(Data extracted from a collection)
[Start of Attachment]

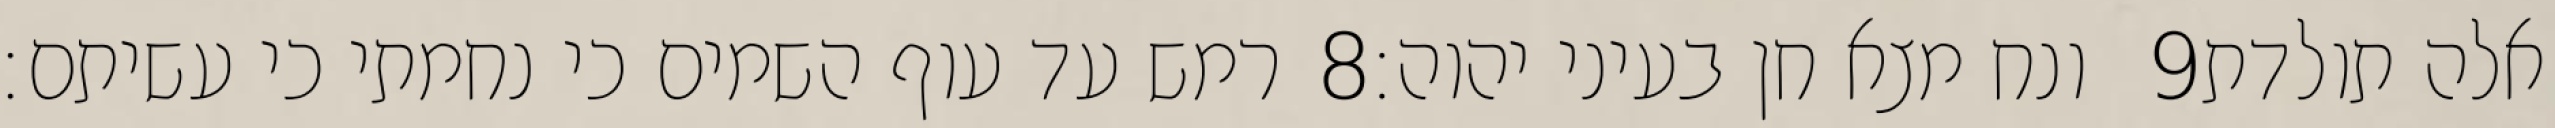
רמש עד עוף השמים כי נחמתי כי עשיתם׃ ‎8‏ ונח מצא חן בעיני יהוה׃ ‎9‏ אלה תולדת
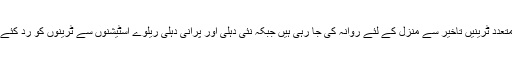
ترجمان کے مطابق حضرت نظام الدین ریلوے اسٹیشن سے متعدد ٹرینیں تاخیر سے منزل کے لئے روانہ کی جا رہی ہیں جبکہ نئی دہلی اور پرانی دہلی ریلوے اسٹیشنوں سے ٹرینوں کو رد کئے جانے یا شیڈول بد ل کر چلائے جانے کی رپورٹیں آئی ہیں۔
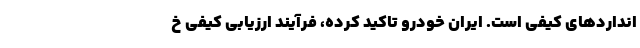
انداردهای کیفی است. ایران خودرو تاکید کرده، فرآیند ارزیابی کیفی خ
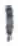
אות: י
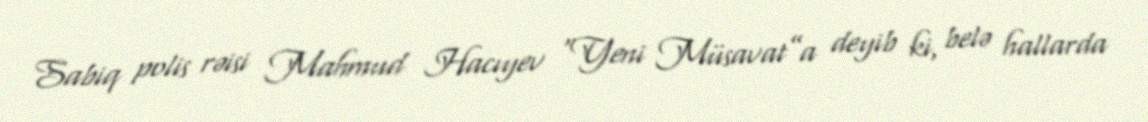
Sabiq polis rəisi Mahmud Hacıyev “Yeni Müsavat”a deyib ki, belə hallarda
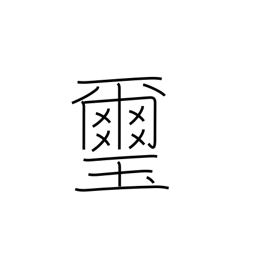
Meaning: emperor's seal
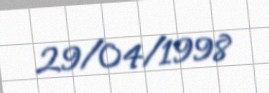
29/04/1998
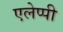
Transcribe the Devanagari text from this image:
एलेप्पी
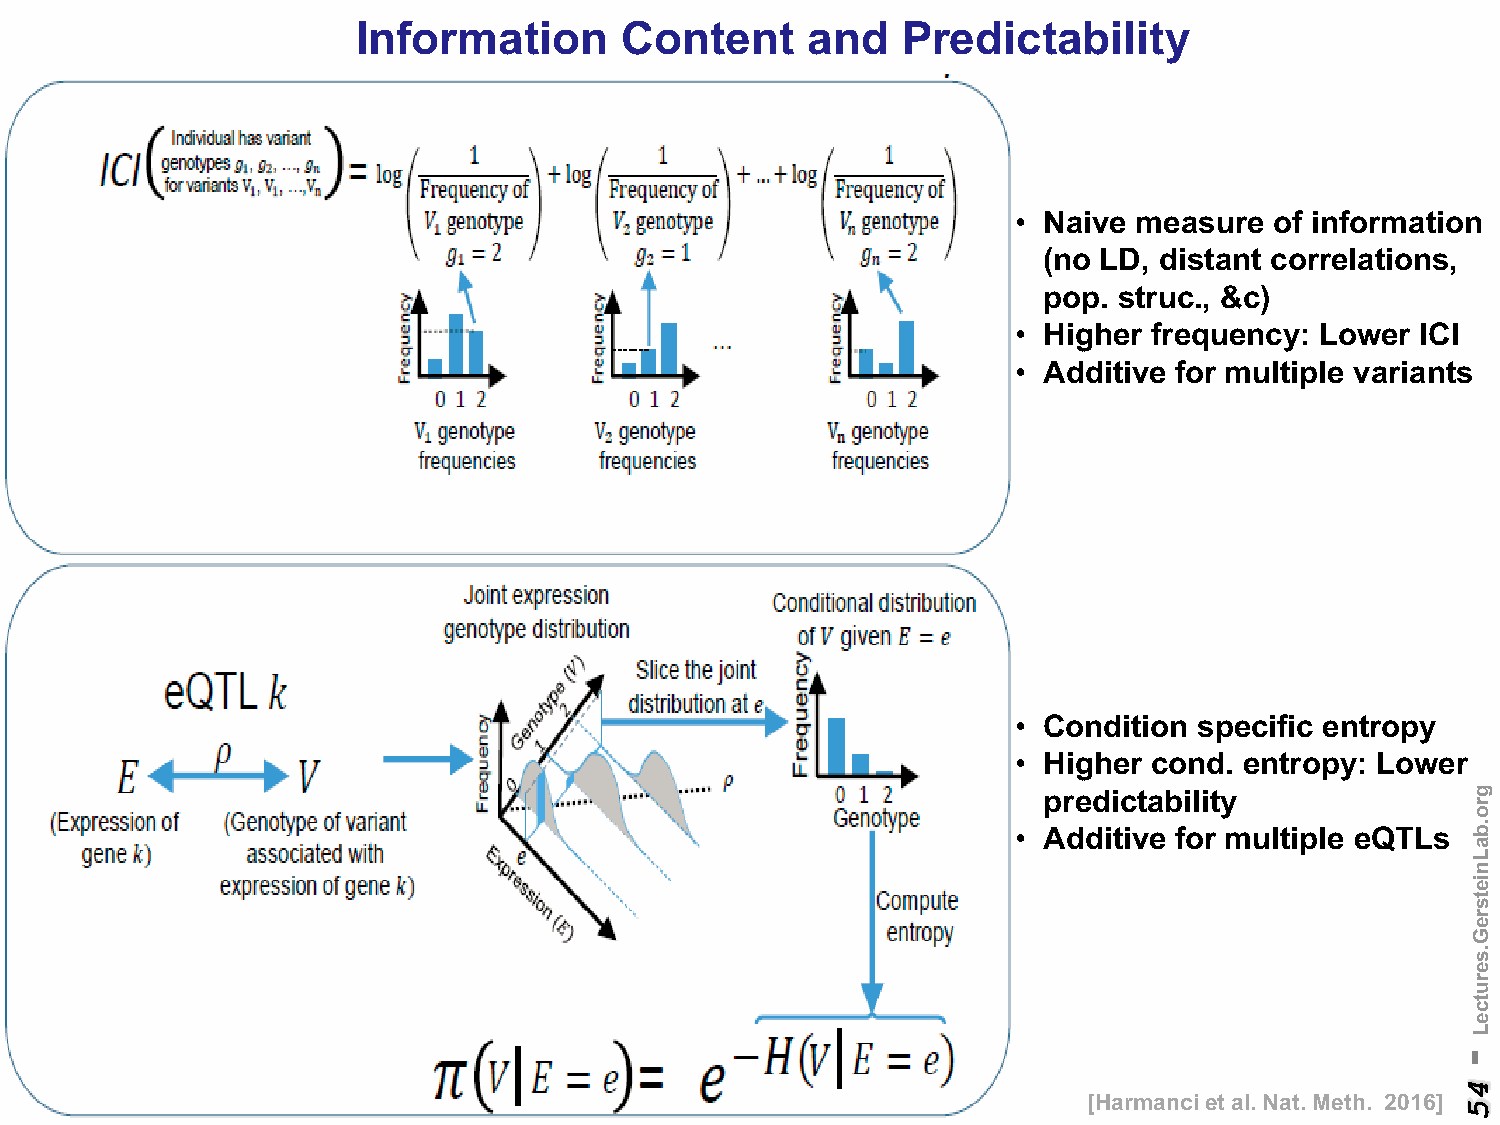
Information      Content     and    Predictability
 • Naive measure  of information
 (no LD, distant correlations,
 pop. struc., &c)
 • Higher frequency: Lower  ICI
 • Additive for multiple variants
 • Condition specific entropy
 • Higher cond. entropy: Lower
 predictability
 • Additive for multiple eQTLs
 [Harmanciet al. Nat. Meth. 2016]
 -
 45
 gro.baLnietsreG.serutceL
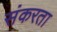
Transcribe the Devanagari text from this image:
संकरता
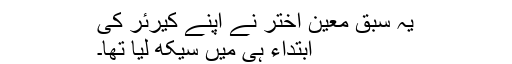
یہ سبق معین اختر نے اپنے کیرئر کی
ابتداء ہی میں سیکھ لیا تھا۔
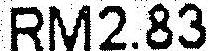
RM2.83
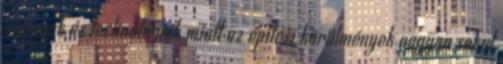
anyagok és technológiák miatt az építési körülmények nagyon sokat
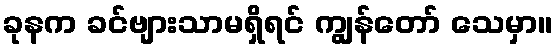
ခုနက ခင်ဗျားသာမရှိရင် ကျွန်တော် သေမှာ။
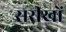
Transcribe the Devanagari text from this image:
सरीखों
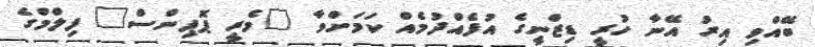
ބޭއްވި އިރު އޭނާ ހުރީ ޑިޒްނީގެ އުފެއްދުމެއް ކަމަށްވާ "މެރީ ޕޮޕިންސް" ފިލްމްގެ
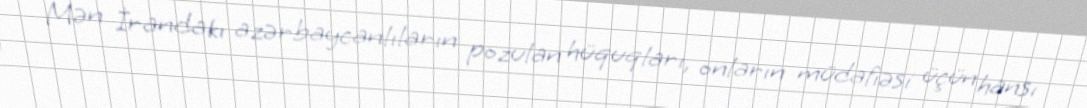
Mən İrandakı azərbaycanlıların pozulan hüquqları, onların müdafiəsi üçün hansı
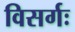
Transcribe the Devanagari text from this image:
विसर्गः
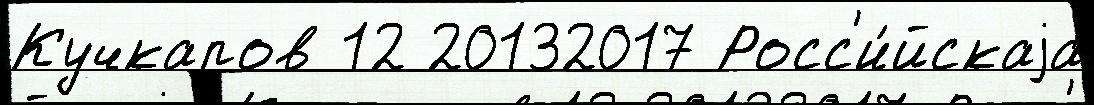
Кучкаров 12 20132017 Росс'и́йскаjа
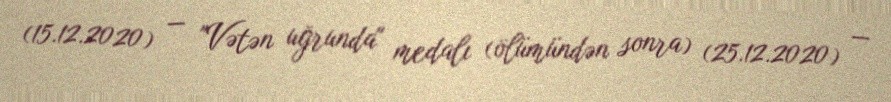
(15.12.2020) — "Vətən uğrunda" medalı (ölümündən sonra) (25.12.2020) —
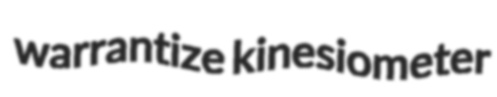
warrantize kinesiometer
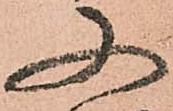
又

[End of Attachment]

> _EXERCISE_
In the records above, find the line that contains "for multiple eQTLs" and repeat exactly that line and all lines after it to the end. Do not include pictures.

> _RESPONSE TO THIS TASK_
 • Additive for multiple eQTLs
 [Harmanciet al. Nat. Meth. 2016]
 -
 45
 gro.baLnietsreG.serutceL
Transcribe the Devanagari text from this image:
संकरता
یہ سبق معین اختر نے اپنے کیرئر کی
ابتداء ہی میں سیکھ لیا تھا۔
RM2.83
anyagok és technológiák miatt az építési körülmények nagyon sokat
ခုနက ခင်ဗျားသာမရှိရင် ကျွန်တော် သေမှာ။
Transcribe the Devanagari text from this image:
सरीखों
ބޭއްވި އިރު އޭނާ ހުރީ ޑިޒްނީގެ އުފެއްދުމެއް ކަމަށްވާ "މެރީ ޕޮޕިންސް" ފިލްމްގެ
Mən İrandakı azərbaycanlıların pozulan hüquqları, onların müdafiəsi üçün hansı
Transcribe the Devanagari text from this image:
विसर्गः
Кучкаров 12 20132017 Росс'и́йскаjа
(15.12.2020) — "Vətən uğrunda" medalı (ölümündən sonra) (25.12.2020) —
warrantize kinesiometer
又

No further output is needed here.